- **Task prompt**:
Only the images get left out; everything else in the records is to be transcribed exactly.
○ ○ ○ ○ ○
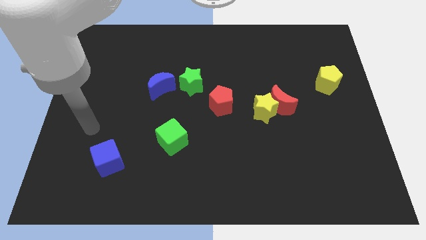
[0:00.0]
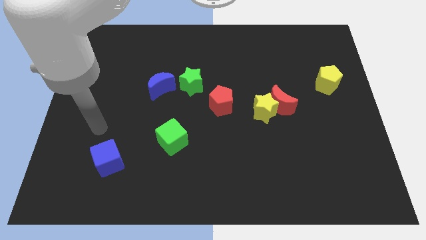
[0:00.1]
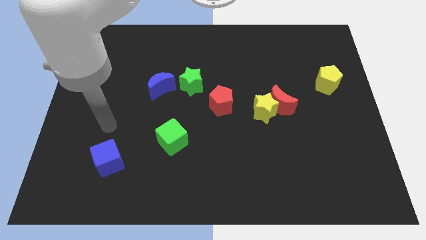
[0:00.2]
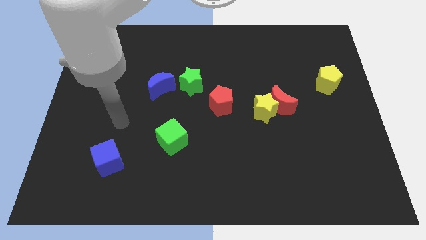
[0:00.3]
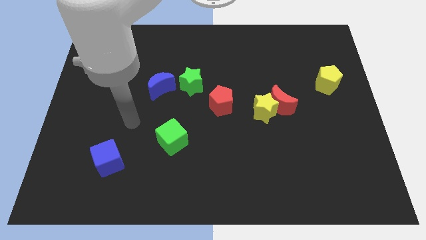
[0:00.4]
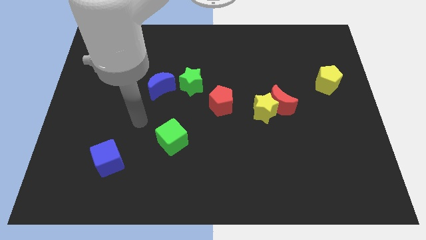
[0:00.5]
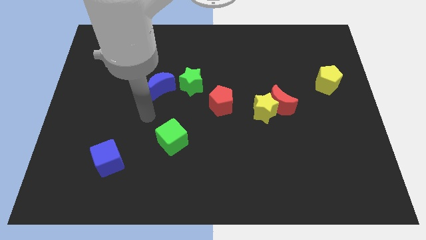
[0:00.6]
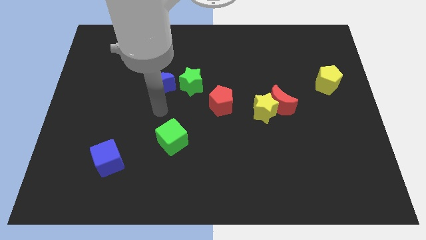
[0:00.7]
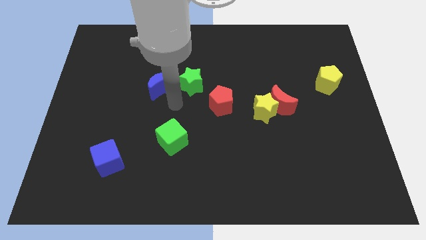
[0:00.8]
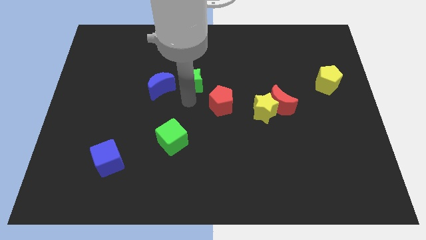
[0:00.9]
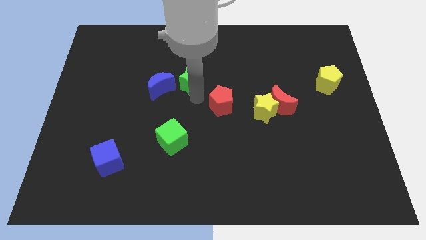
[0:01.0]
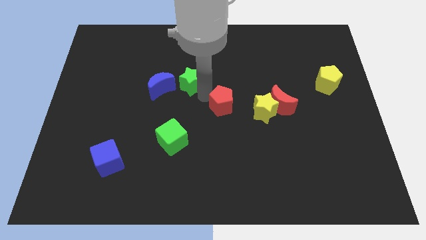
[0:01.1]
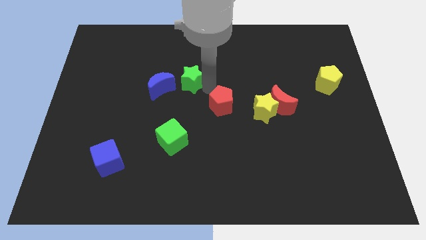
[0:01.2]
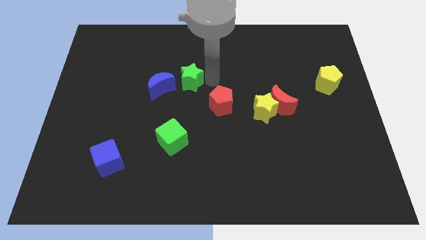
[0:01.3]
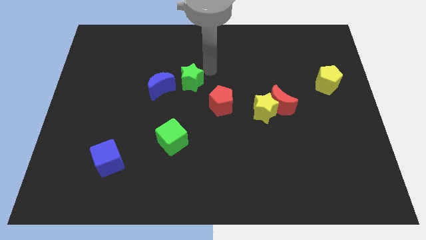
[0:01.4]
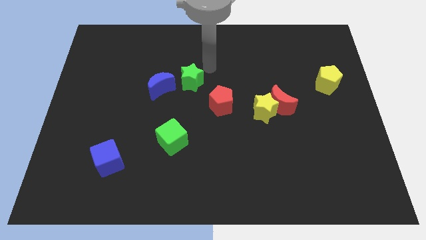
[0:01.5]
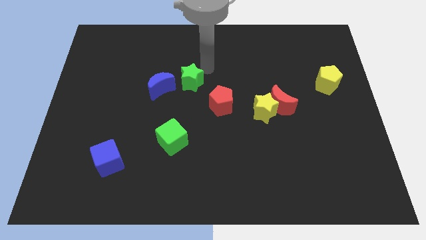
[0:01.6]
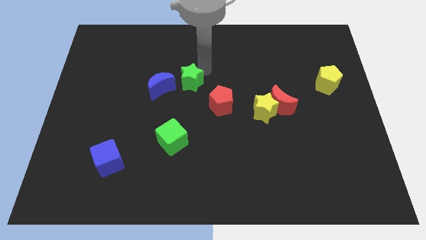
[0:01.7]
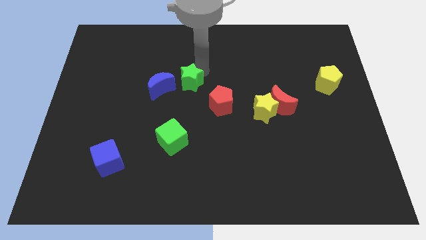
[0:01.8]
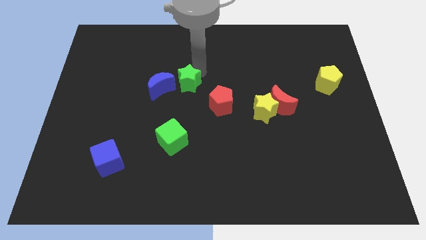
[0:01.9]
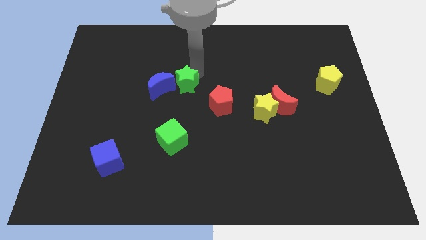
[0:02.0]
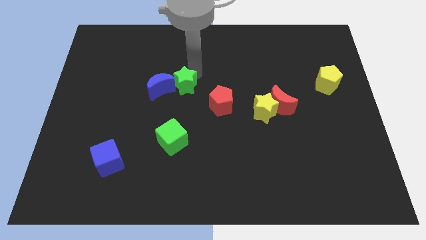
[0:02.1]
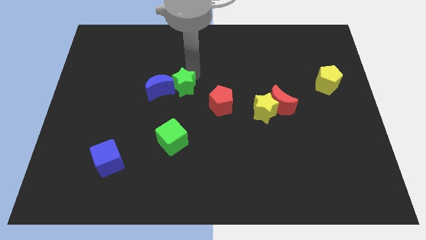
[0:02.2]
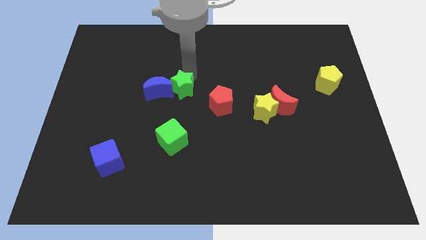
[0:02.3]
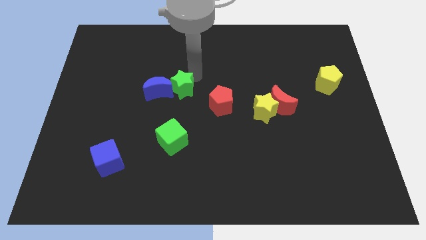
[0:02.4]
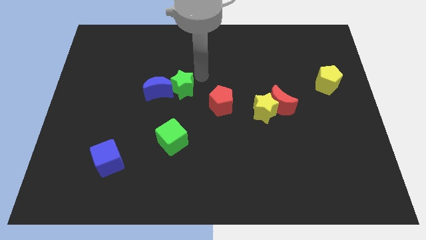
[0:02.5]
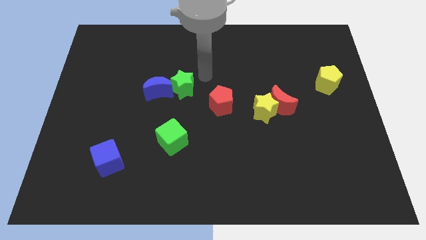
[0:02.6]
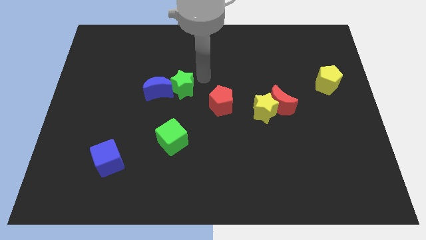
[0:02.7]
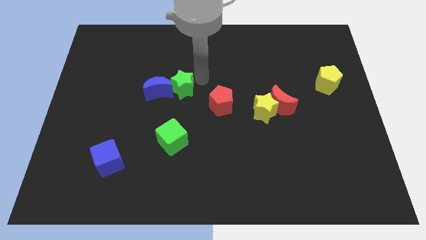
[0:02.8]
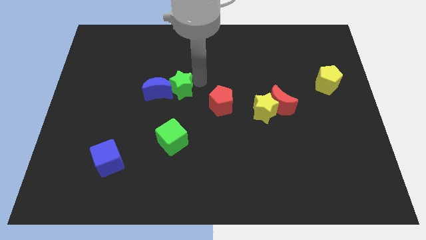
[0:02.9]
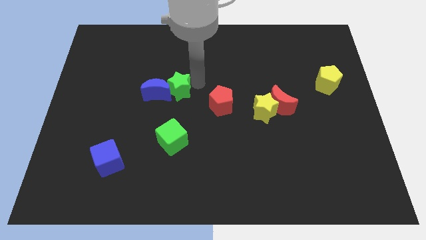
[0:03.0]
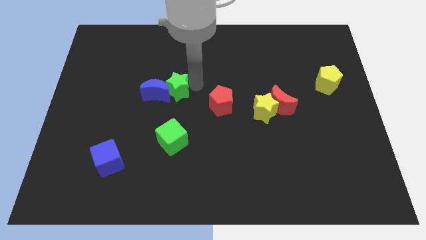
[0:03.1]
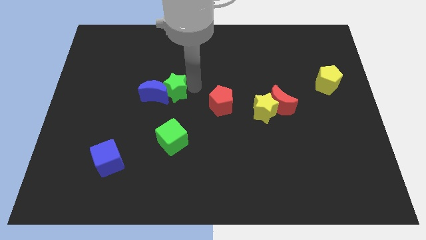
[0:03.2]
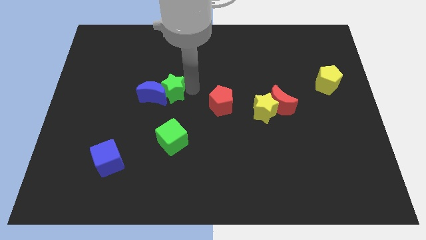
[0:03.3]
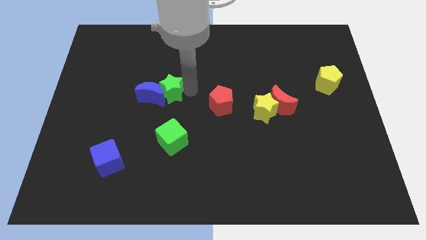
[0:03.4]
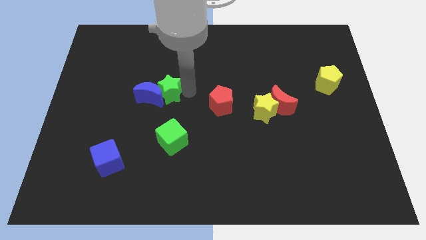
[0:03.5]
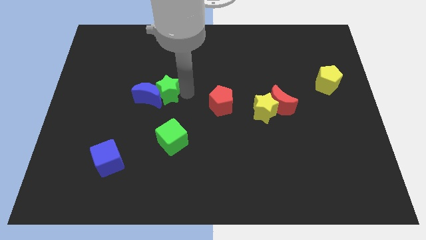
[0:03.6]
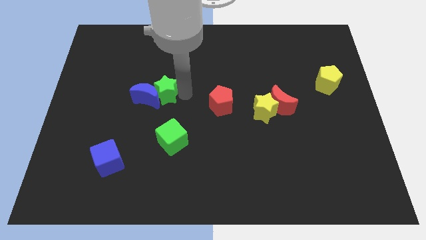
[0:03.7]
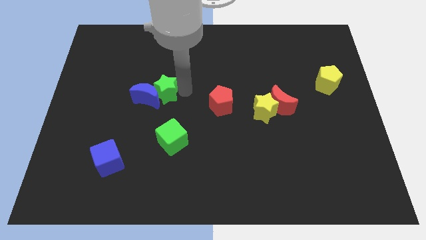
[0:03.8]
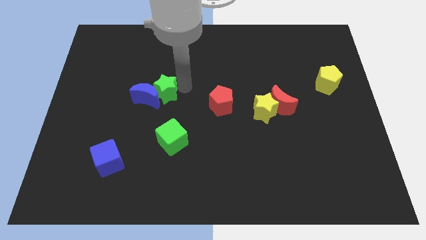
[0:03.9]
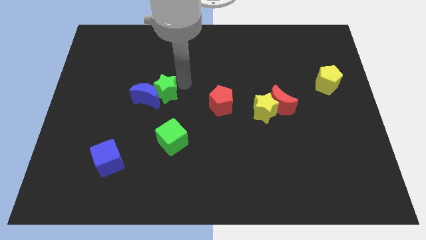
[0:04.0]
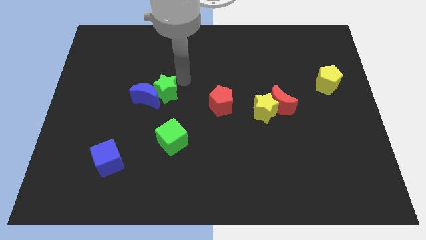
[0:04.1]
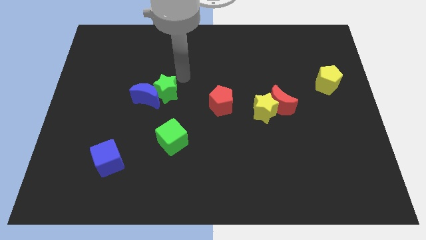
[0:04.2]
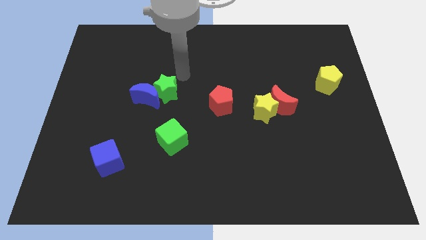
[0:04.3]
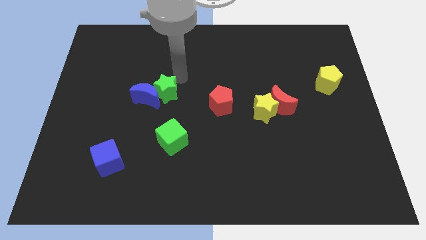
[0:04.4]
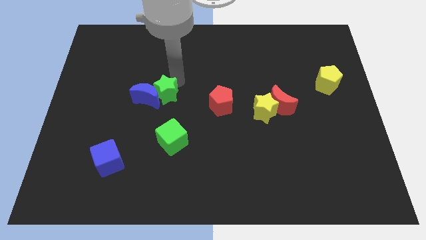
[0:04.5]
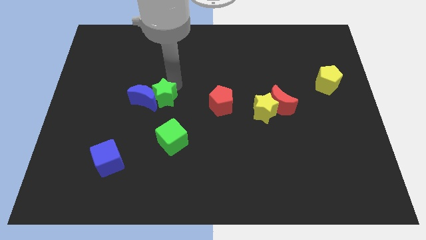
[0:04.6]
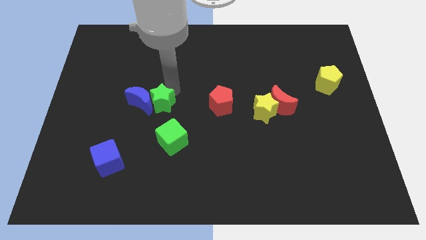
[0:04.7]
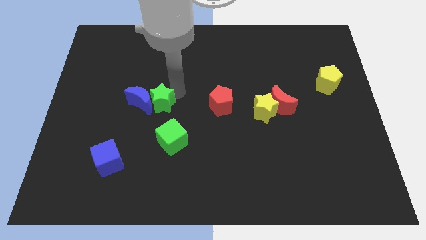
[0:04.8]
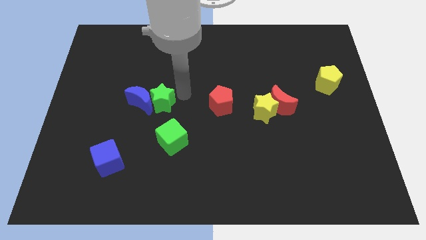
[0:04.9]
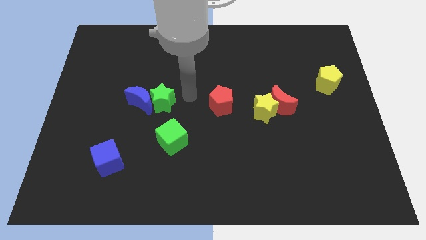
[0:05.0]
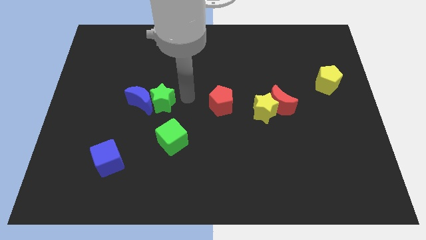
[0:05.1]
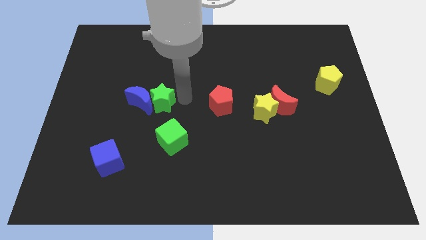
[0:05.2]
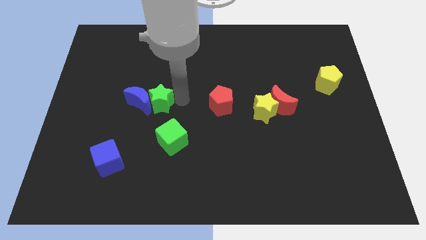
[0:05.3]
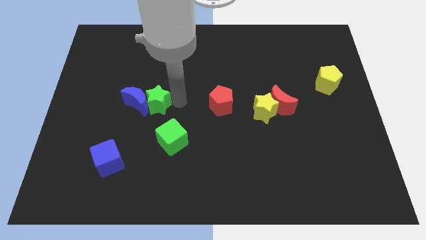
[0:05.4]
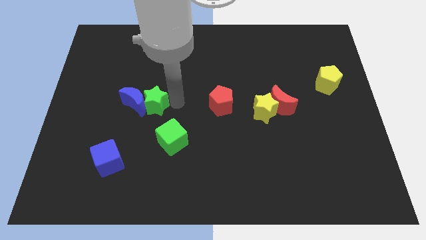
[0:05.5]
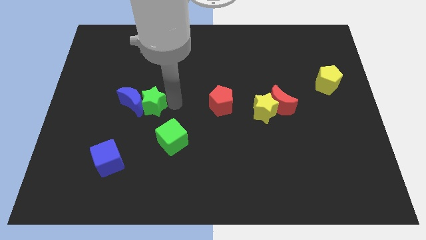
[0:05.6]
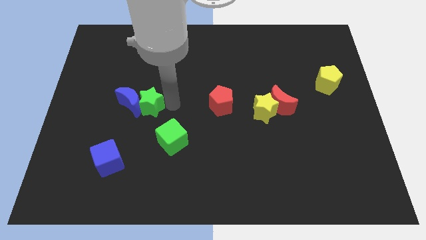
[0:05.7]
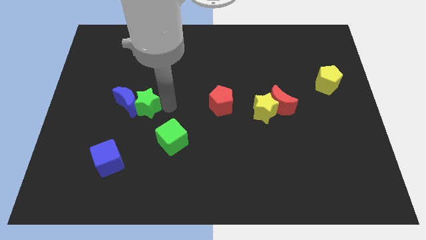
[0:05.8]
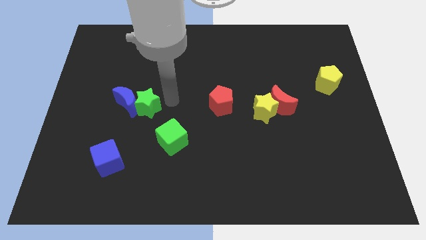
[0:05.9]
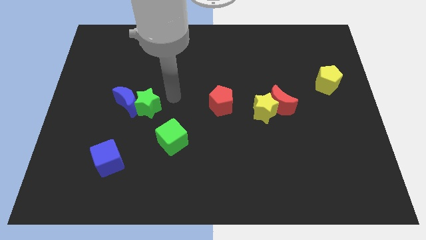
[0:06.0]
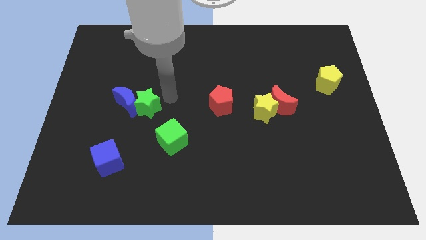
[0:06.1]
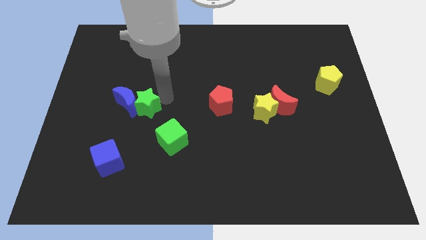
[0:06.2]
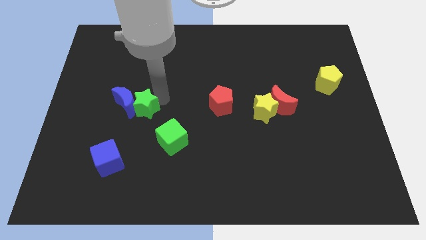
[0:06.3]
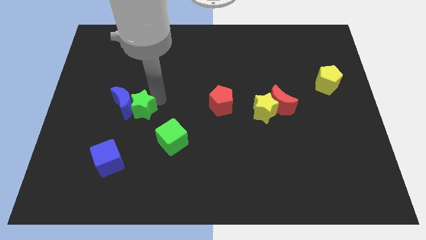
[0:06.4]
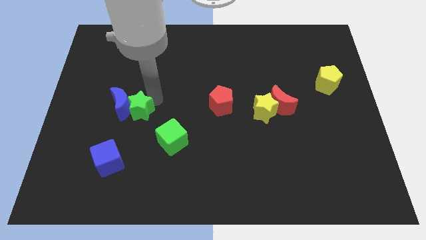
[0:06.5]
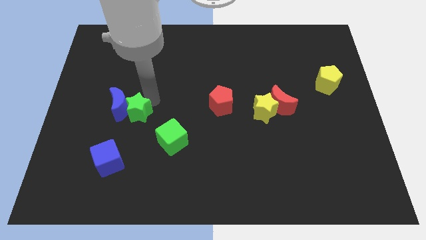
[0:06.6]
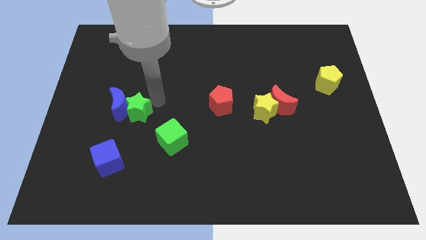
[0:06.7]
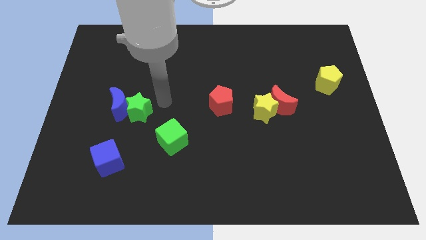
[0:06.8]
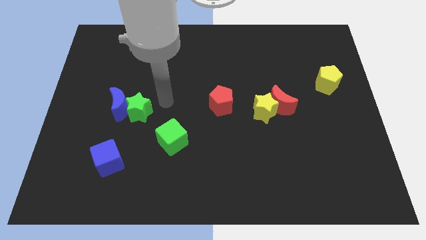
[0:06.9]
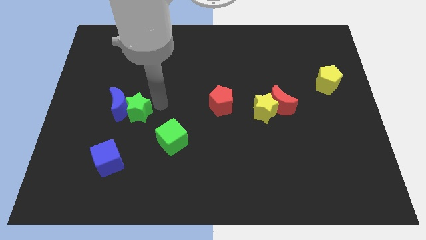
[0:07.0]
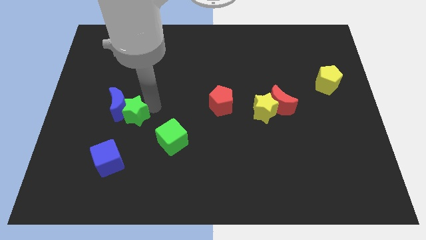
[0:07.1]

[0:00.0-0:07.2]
○ ○ ○ ○ ○
- **Solution for this task**:
[0:00.0]
[0:00.1]
[0:00.2]
[0:00.3]
[0:00.4]
[0:00.5]
[0:00.6]
[0:00.7]
[0:00.8]
[0:00.9]
[0:01.0]
[0:01.1]
[0:01.2]
[0:01.3]
[0:01.4]
[0:01.5]
[0:01.6]
[0:01.7]
[0:01.8]
[0:01.9]
[0:02.0]
[0:02.1]
[0:02.2]
[0:02.3]
[0:02.4]
[0:02.5]
[0:02.6]
[0:02.7]
[0:02.8]
[0:02.9]
[0:03.0]
[0:03.1]
[0:03.2]
[0:03.3]
[0:03.4]
[0:03.5]
[0:03.6]
[0:03.7]
[0:03.8]
[0:03.9]
[0:04.0]
[0:04.1]
[0:04.2]
[0:04.3]
[0:04.4]
[0:04.5]
[0:04.6]
[0:04.7]
[0:04.8]
[0:04.9]
[0:05.0]
[0:05.1]
[0:05.2]
[0:05.3]
[0:05.4]
[0:05.5]
[0:05.6]
[0:05.7]
[0:05.8]
[0:05.9]
[0:06.0]
[0:06.1]
[0:06.2]
[0:06.3]
[0:06.4]
[0:06.5]
[0:06.6]
[0:06.7]
[0:06.8]
[0:06.9]
[0:07.0]
[0:07.1]

[0:00.0-0:07.2]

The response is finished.